I’ve been trying to shave some time off a couple of computations, and have noticed that the behaviour of some xarray functions is inconsistent across different computing platforms, and inconsistent with what I’d expect. I’m hoping someone here can clarify what’s going on.
I’ve been using the following code as my test case, which is similar to my actual code where I need to subset and then calculate something (on repeat, so it’s worth optimising properly)
import numpy as np
import xarray as xr
import time
# Fill up memory with some unreasonably large dataset (just under 4GB)
print('Data Generation')
%time data = xr.DataArray(np.random.normal(0,1,(10**4,10**4)))
#negligible time
mask = np.zeros(10**4)
mask[::10] = 1
mask_xr = xr.DataArray(mask)
# Test a variety of functions
print('\nxr.DataArray.where')
%time small_data = data.where(mask_xr)
print('\nxr.DataArray.where (drop = True)')
%time small_data = data.where(mask_xr,drop=True)
print('\nxr.DataArray.shift')
%time small_data = data.shift(dim_0 = 10)
print('\nxr.DataArray.sel')
%time small_data = data.sel(dim_0 = mask_xr.astype(bool))
print('\nnp.log (full dataset)')
%time np.log(data)
print('\nnp.log (small dataset)')
%time np.log(small_data)
Results are below - all times in seconds:
gadi – broadwell (2 cores, 9GB RAM) | My mac – M2 (10 cores, 32GB RAM) | casper – I think skylake (2 cores, 9.5GB RAM) | |
---|---|---|---|
xr.DataArray.where | 0.3 | 0.15 | 1-6 |
xr.DataArray.where (drop = True) | 0.3 | 0.15 | 1-6 |
xr.DataArray.shift | 0.6 | 0.25 | 10-12 |
xr.sel | 0.03 | 0.01 | 0.04-0.06 |
np.log (full data) | 2 | 0.6 | 4.7 |
np.log (small data) | 0.2 | 0.06 | 0.6 |
I’m finding that xr.DataArray.where
and xr.DataArray.shift
are much slower than I expected, compared to the other two. I would have assumed that these returned views of the DataArray, rather than copies, but the speed is suggesting otherwise. I can’t find anything in the docs’ function descriptions to suggest where or shift should behave differently to sel
, memory wise. If it was a memory issue, I’d also expect np.where to be faster with drop=True
than drop=False
, but it isn’t.
Additionally, I’m perplexed by just how much the relative speeds vary on different machines. On my mac and on gadi-broadwell, np.log
is about four times slower than the various subsetting operations. On NCAR’s casper (I think a skylake node), np.log is faster, by up to an order of magnitude. As a bonus, the gadi stats were all 10 times slower on the second ARE session I started, and I’ve got no idea why.

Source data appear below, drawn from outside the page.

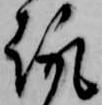
趣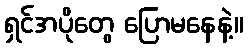
ရှင်အပိုတွေ ပြောမနေနဲ့။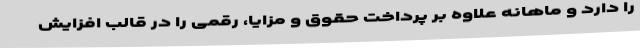
را دارد و ماهانه علاوه بر پرداخت حقوق و مزایا، رقمی را در قالب افزایش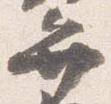
弁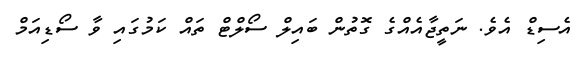
އެސިޑް އެވެ. ނަތީޖާއެއްގެ ގޮތުން ބައިލް ސޯލްޓް ތައް ކަމުގައި ވާ ސޯޑިއަމް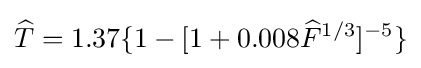
{\widehat {T}}=1.37\{1-[1+0.008{\widehat {F}}^{1/3}]^{-5}\}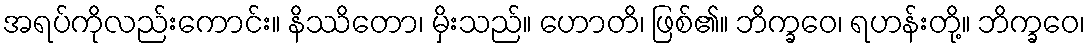
အရပ်ကိုလည်းကောင်း။ နိဿိတော၊ မှိးသည်။ ဟောတိ၊ ဖြစ်၏။ ဘိက္ခဝေ၊ ရဟန်းတို့။ ဘိက္ခဝေ၊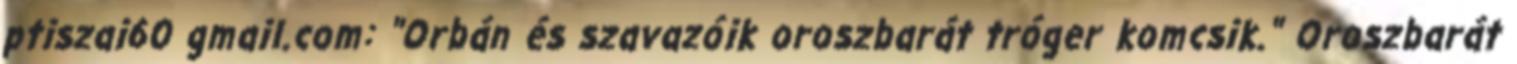
ptiszai60 gmail.com: "Orbán és szavazóik oroszbarát tróger komcsik." Oroszbarát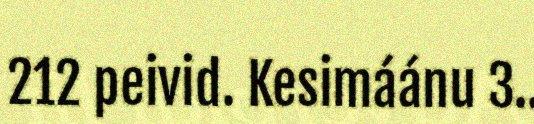
212 peivid. Kesimáánu 3..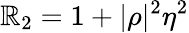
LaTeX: \mathbb{R}_{2}=1+|\rho|^{2}\eta^{2}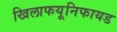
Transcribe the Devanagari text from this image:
खिलाफयूनिफायड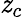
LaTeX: \mathit{z}_{c}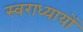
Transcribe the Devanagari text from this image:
स्वराध्यायों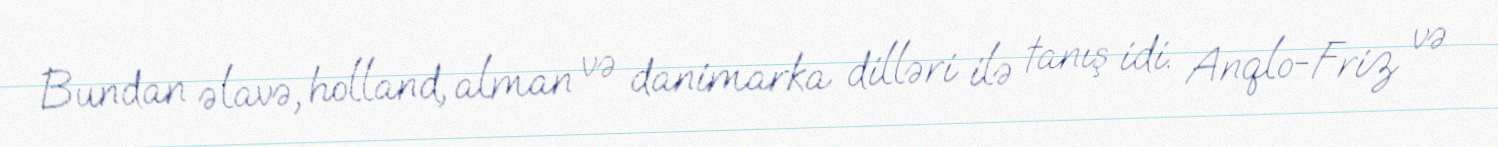
Bundan əlavə, holland, alman və danimarka dilləri ilə tanış idi. Anqlo-Friz və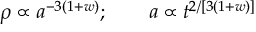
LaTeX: \rho \propto a ^ { - 3 ( 1 + w ) } ; \qquad a \propto t ^ { 2 / [ 3 ( 1 + w ) ] }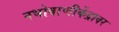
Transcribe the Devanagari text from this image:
नभोवाणीकेंद्रावर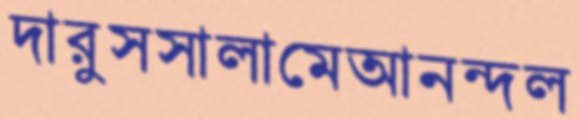
দারুসসালামেআনন্দল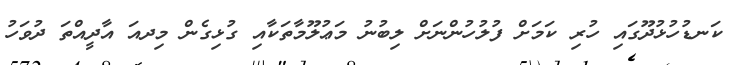
ކަނޑުހުޅުދޫގައި ހުރި ކަމަށް ފުލުހުންނަށް ލިބުނު މަޢުލޫމާތަކާއި ގުޅިގެން މިދއަ އާދީއްތަ ދުވަހު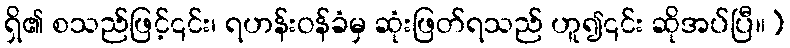
ရှိ၏ စသည်ဖြင့်၎င်း၊ ရဟန်းဝန်ခံမှ ဆုံးဖြတ်ရသည် ဟူ၍၎င်း ဆိုအပ်ပြီ။)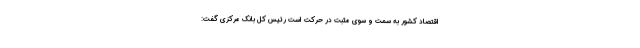
اقتصاد کشور به سمت و سوی مثبت در حرکت است رئیس کل بانک مرکزی گفت: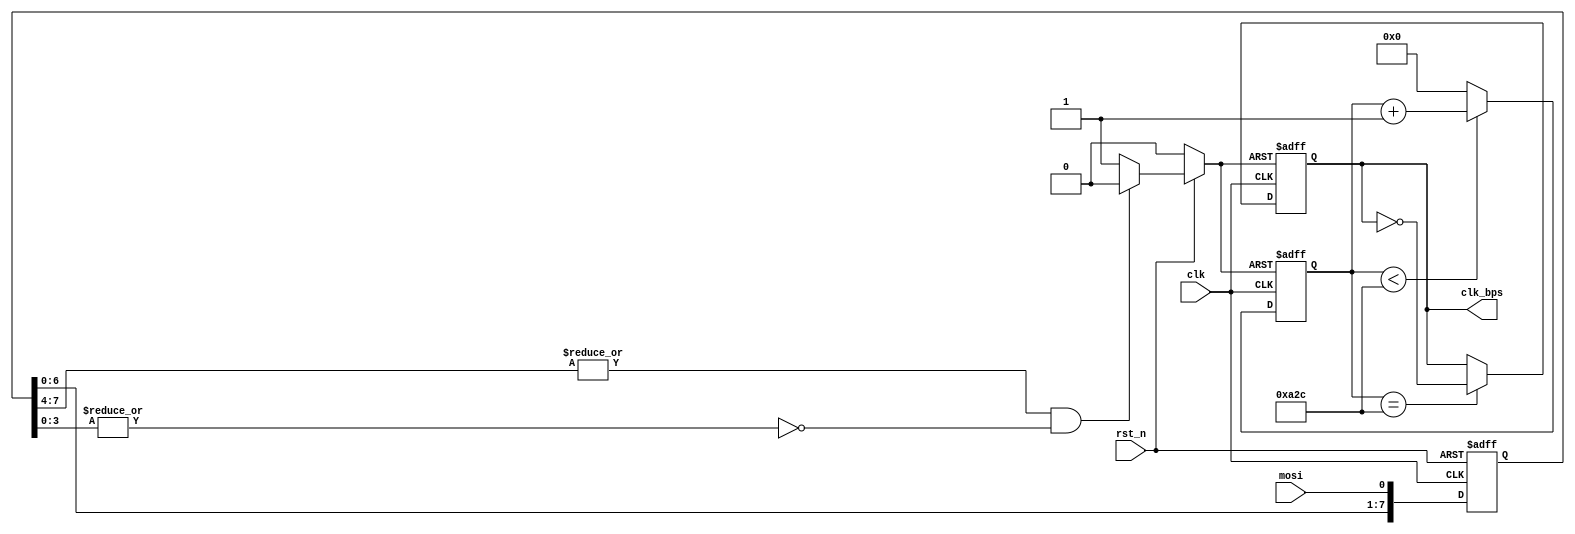
module baud_sel(
    input      clk,
    input      rst_n,
    output reg clk_bps,
    input      mosi
);
reg[12:0] cnt;
reg[7:0]  rx;
parameter bps9600=5208/2;
wire RSTn;
always@(posedge clk or negedge RSTn)begin
    if(!RSTn)begin
        cnt <= 0;
    end
    else begin
        cnt <= cnt <bps9600 ? cnt + 1 : 0;
    end
end
always@(posedge clk or negedge RSTn)begin
    if(!RSTn)begin
        clk_bps = 1'b0;
    end
    else begin
        clk_bps = cnt==bps9600 ? ~clk_bps : clk_bps;
    end
end
always@(posedge clk or negedge rst_n)begin
    if(!rst_n)begin
        rx[7:0] <= 8'hff;     
    end
    else begin
        rx[7:0] <= {rx[6:0],mosi};
    end
end
assign RSTn = !rst_n                 ? 1'b0 :
              (|rx[7:4])&(~|rx[3:0]) ? 1'b0 : 1'b1;//reset clock,generate stable clk_bps
endmodule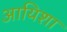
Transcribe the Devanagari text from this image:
आयिशा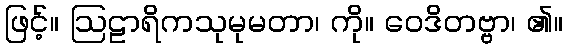
ဖြင့်။ ဩဠာရိကသုမုမတာ၊ ကို။ ဝေဒိတဗ္ဗာ၊ ၏။
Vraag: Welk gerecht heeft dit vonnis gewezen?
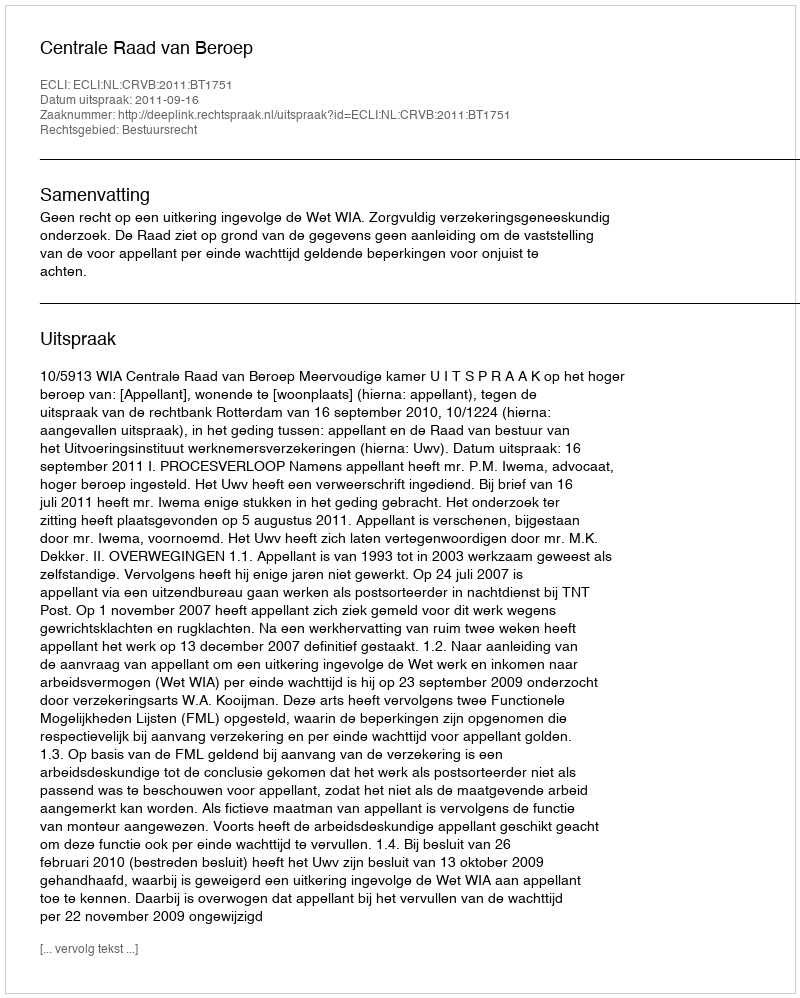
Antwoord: Centrale Raad van Beroep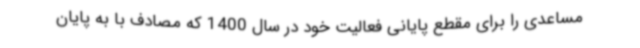
مساعدی را برای مقطع پایانی فعالیت خود در سال 1400 که مصادف با به پایان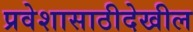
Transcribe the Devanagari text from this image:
प्रवेशासाठीदेखील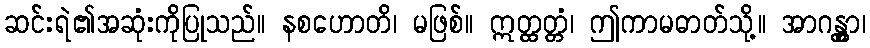
ဆင်းရဲ၏အဆုံးကိုပြုသည်။ နစဟောတိ၊ မဖြစ်။ ဣတ္ထတ္တံ၊ ဤကာမဓာတ်သို့။ အာဂန္တွာ၊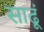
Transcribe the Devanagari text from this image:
साढूं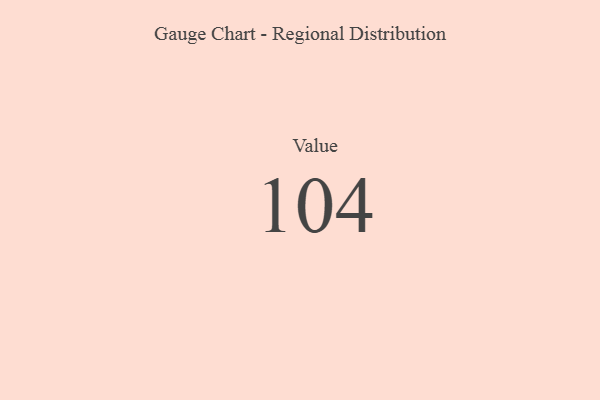
{"axis": {"x": "Metric", "y": "Value"}, "legend": [""], "data": [{"x": "Value", "y": 104, "type": ""}]}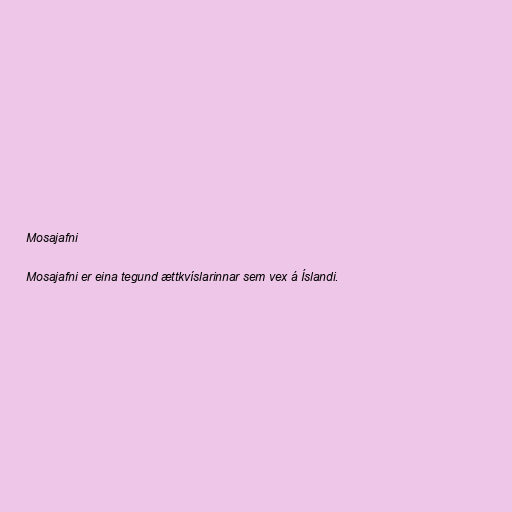
Mosajafni

Mosajafni er eina tegund ættkvíslarinnar sem vex á Íslandi.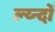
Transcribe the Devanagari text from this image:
ल्य्न्दों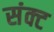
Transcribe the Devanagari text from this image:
संक्ट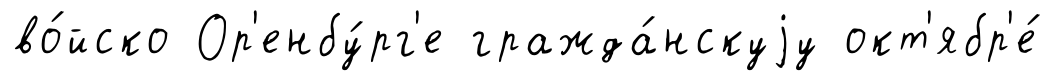
во́йско Ор'енбу́рг'е гражда́нскуjу окт'ябр'е́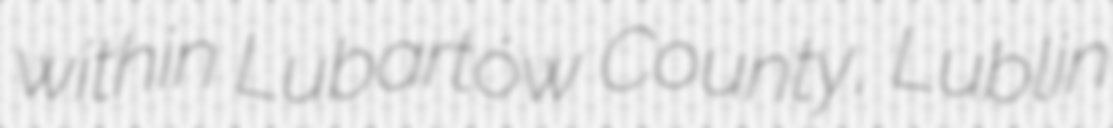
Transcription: within Lubartów County, Lublin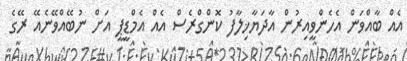
އެއް ބާއްވަން އެހެންވީއިރުން އާދަޔާޚިލާފު ކޮންގްރެސް އެއް އެމްޑީޕީ އަށް ނުބޭއްވޭނެއޭ ރޭގެ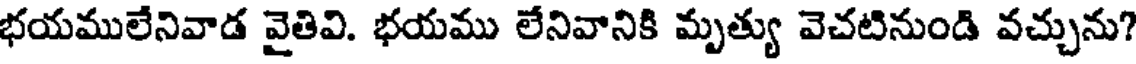
భయములేనివాడ వైతివి. భయము లేనివానికి మృత్యు వెచటినుండి వచ్చును?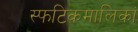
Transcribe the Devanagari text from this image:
स्फटिकमालिकां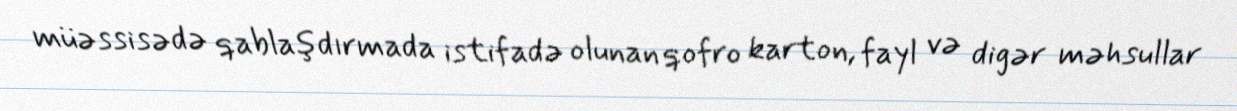
müəssisədə qablaşdırmada istifadə olunan qofro karton, fayl və digər məhsullar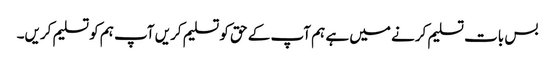
بس بات تسلیم کرنے میں ہے ہم آپ کے حق کو تسلیم کریں آپ ہم کو تسلیم کریں۔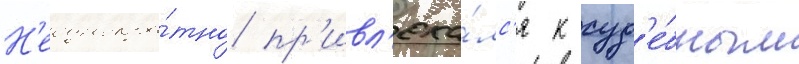
Н'еоднокра́тно пр'ивл'ека́лс'я к суд'е́бным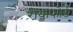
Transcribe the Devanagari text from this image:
रोकफोर्ड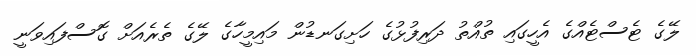
ލޭގެ ޓެސްޓެއްގެ އެހީގައި ތުއްތު ދަރިފުޅުގެ ހަށިގަނޑުން މައިމީހާގެ ލޭގެ ތެރެއަށް ގޮސްފައިވަނީ

Does anyone know how these functions and computers behave under the hood that’s causing the difference? I assume the differences between machines is something to do with how RAM is handled, rather than np.log
being a bad benchmark - I was finding the same differences with my original problem involving matrix multiplication.
Furthermore, if anyone has access to another supercomputer or has a different chip in their local computer, I’d be interested to see their output from the same test code.